Today we bring you a review of Death of Integrity, by Guy Haley.
It had been a long time since I’ve heard a good Space Hulk tale. Stories of claustrophobic space ship horror immediately hook me. Just like Dead Space or Alien, it is a weakness of mine. Every Space Hulk is a collection of dozens of horror stories, congealing into a ripe treasuring hunting tale buried in the terror.
And it never gets old. There’s always some new abomination, some new surprise you couldn’t foresee coming, be it alien or Imperial, heretical or daemonic. Or even simply the physical aspects of the hulk itself. There’s no finer way to extend the vast 40k universe then with the derelict and sometimes xeno-technologies present in these behemoths, as they lug their morbid and terrifying cargo across the galaxy.
“The novel moves to its own rhythm, properly paced to slow down and let the sinister feeling of the hulk ebb in, before rushing head first into battle.”
The genestealer filled Death of Integrity has thwarted the efforts of the Blood Drinkers for far too long. A second founding chapter descended from the Blood Angels, they have pursued the hulk for ages, destroying the infections but never getting at the source.
But after realizing a pattern in the hulk’s warp trips, the Blood Drinkers close in for the kill. A call for aid summons the Novamarines, who arrive to assist their cousins in destroying the hulk once and for all through bombardment.
But just as they engage the hulk, Magos Explorator Plosk arrives in system and stops them. In the resulting diplomacy, it is revealed that there is some lost technology of great value in the heart of the Death of Integrity.
The deal making sets up the three to rid the genestealer threat the hard way.

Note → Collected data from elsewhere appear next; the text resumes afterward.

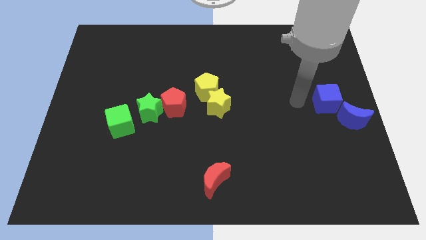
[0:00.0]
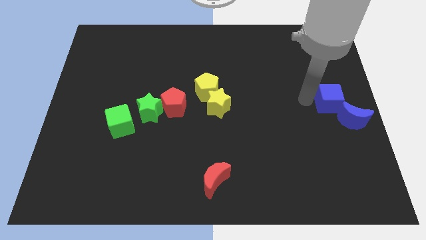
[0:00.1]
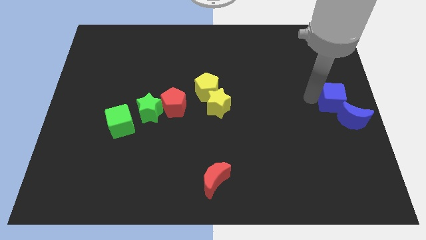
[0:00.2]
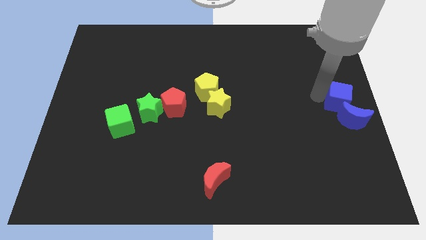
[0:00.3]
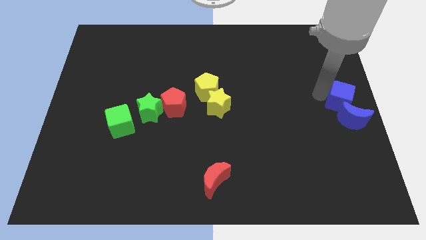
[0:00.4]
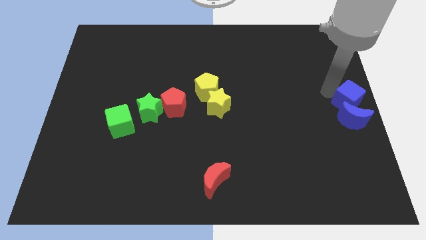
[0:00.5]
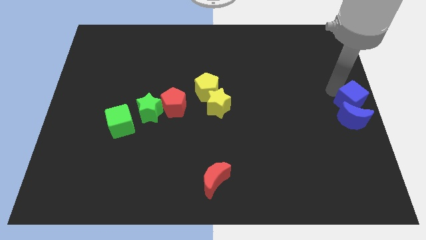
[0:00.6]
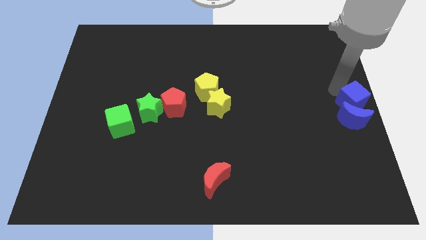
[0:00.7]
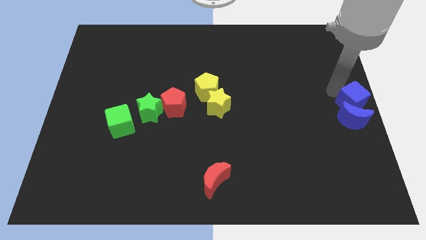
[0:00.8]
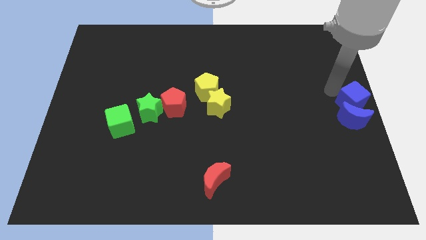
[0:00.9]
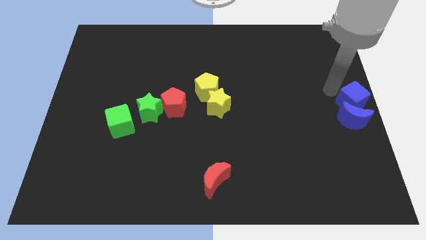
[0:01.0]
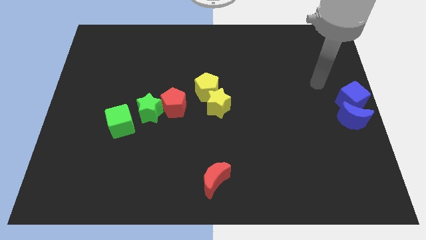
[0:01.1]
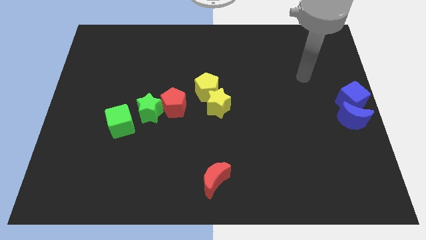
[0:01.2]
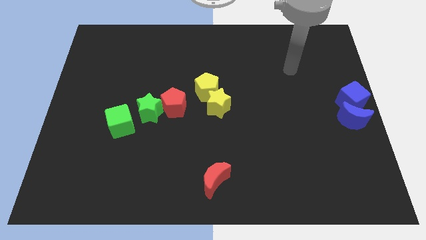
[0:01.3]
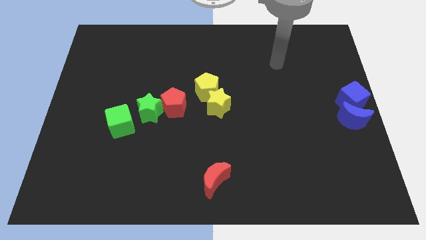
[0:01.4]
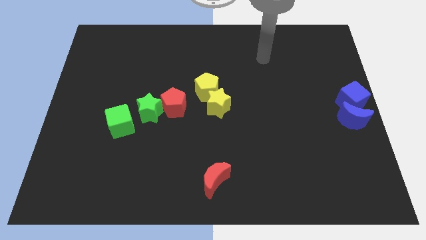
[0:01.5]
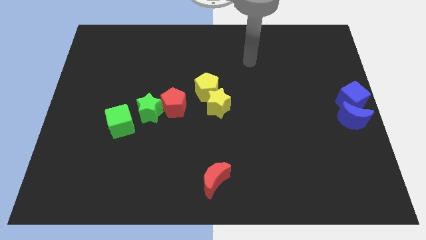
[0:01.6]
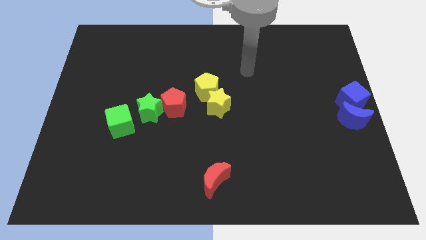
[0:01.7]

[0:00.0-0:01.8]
place the blue cube to the top of the blue moon

But Novamarine Captain Galt discovers that every side has their own secrets, hiding facts that threaten the outcome of the operation.
Each mission that happens thereafter has its own twists and surprises. The novel moves to its own rhythm, properly paced to slow down and let the sinister feeling of the hulk ebb in, before rushing head first into battle.
And there are collisions between the two Space Marine chapters, as they discover the impetus of the Blood Drinkers does not mesh well with the stoic and disciplined approach of the Novamarines. Haley introduces ideas details to Space Hulk missions that add intrigue and dimension to the classic.
Between the fighting, there is more story to tell. The only mentionable weakness of the novel lies in the prayers of the Novamarines, a slower affair observed out of respectful necessity. But the following ritual of the Blood Drinkers is far more interesting, drawing upon the history of the chapter and tying into the plot well. I highly suggest you avoid Lexicanum if you don’t want spoilers.
Haley finds a few new ways to challenge one’s perceptions of Space Marines. While there are plenty of the existing preconceptions and stereotypes, he isn’t afraid to reach for the lingering, primitive cultural identities they possessed before becoming Space Marines, giving them some depth where other authors might stagger.
One talking point has to be Captain Galt. It’s interesting to watch a Space Marine charged with keeping a secret from a fellow brother. During a meditation while receiving a chapter tattoo, Galt sees Veteran Sergeant Voldo in a mystic place revered by the Novamarines.
“Death of Integrity continues the Black Library’s fine efforts to up the quality of the Space Marine Battle novels.”
In this, the chaplain forewarns Galt that this means Voldo will die soon. Galt is senior to Voldo only in rank, for in truth the veteran sergeant trained Galt since he was a neophyte, and Galt sees the man as a father figure. It’s intriguing to watch this stoic affection unfold as Galt tries to protect Voldo from his fate.
Another character worth mentioning must be Chapter Master Caedis of the Blood Drinkers. Despite his rank, Caedis at first proves quite honourable, handing command of the overall mission and all his forces to Captain Galt.
But as it turns out, this too includes self-serving reasons, as Caedis feels the cry of the Black Rage finally taking him. Caedis adds a very personal, spiritual side to the Blood Drinkers, the impact of his final quest having profound effects on the plot to both the aid and detriment of the mission and his chapter.
But Death of Integrity isn’t over until it’s over, as the ending unveils the truth of several secrets all at once. These twist together in such a way that satisfies and shocks the reader. Even the jaded will walk away with something a little new.
The overall tale concludes with two unfinished threads, but Haley seems to sympathize with his audience, adding a historically minded epilogue that acknowledges these loose ends. And hints at more to come.
Death of Integrity continues the Black Library’s fine efforts to up the quality of the Space Marine Battle novels. And with Haley’s latest as proof, no true 40k fan can excuse themselves of ducking this quality work.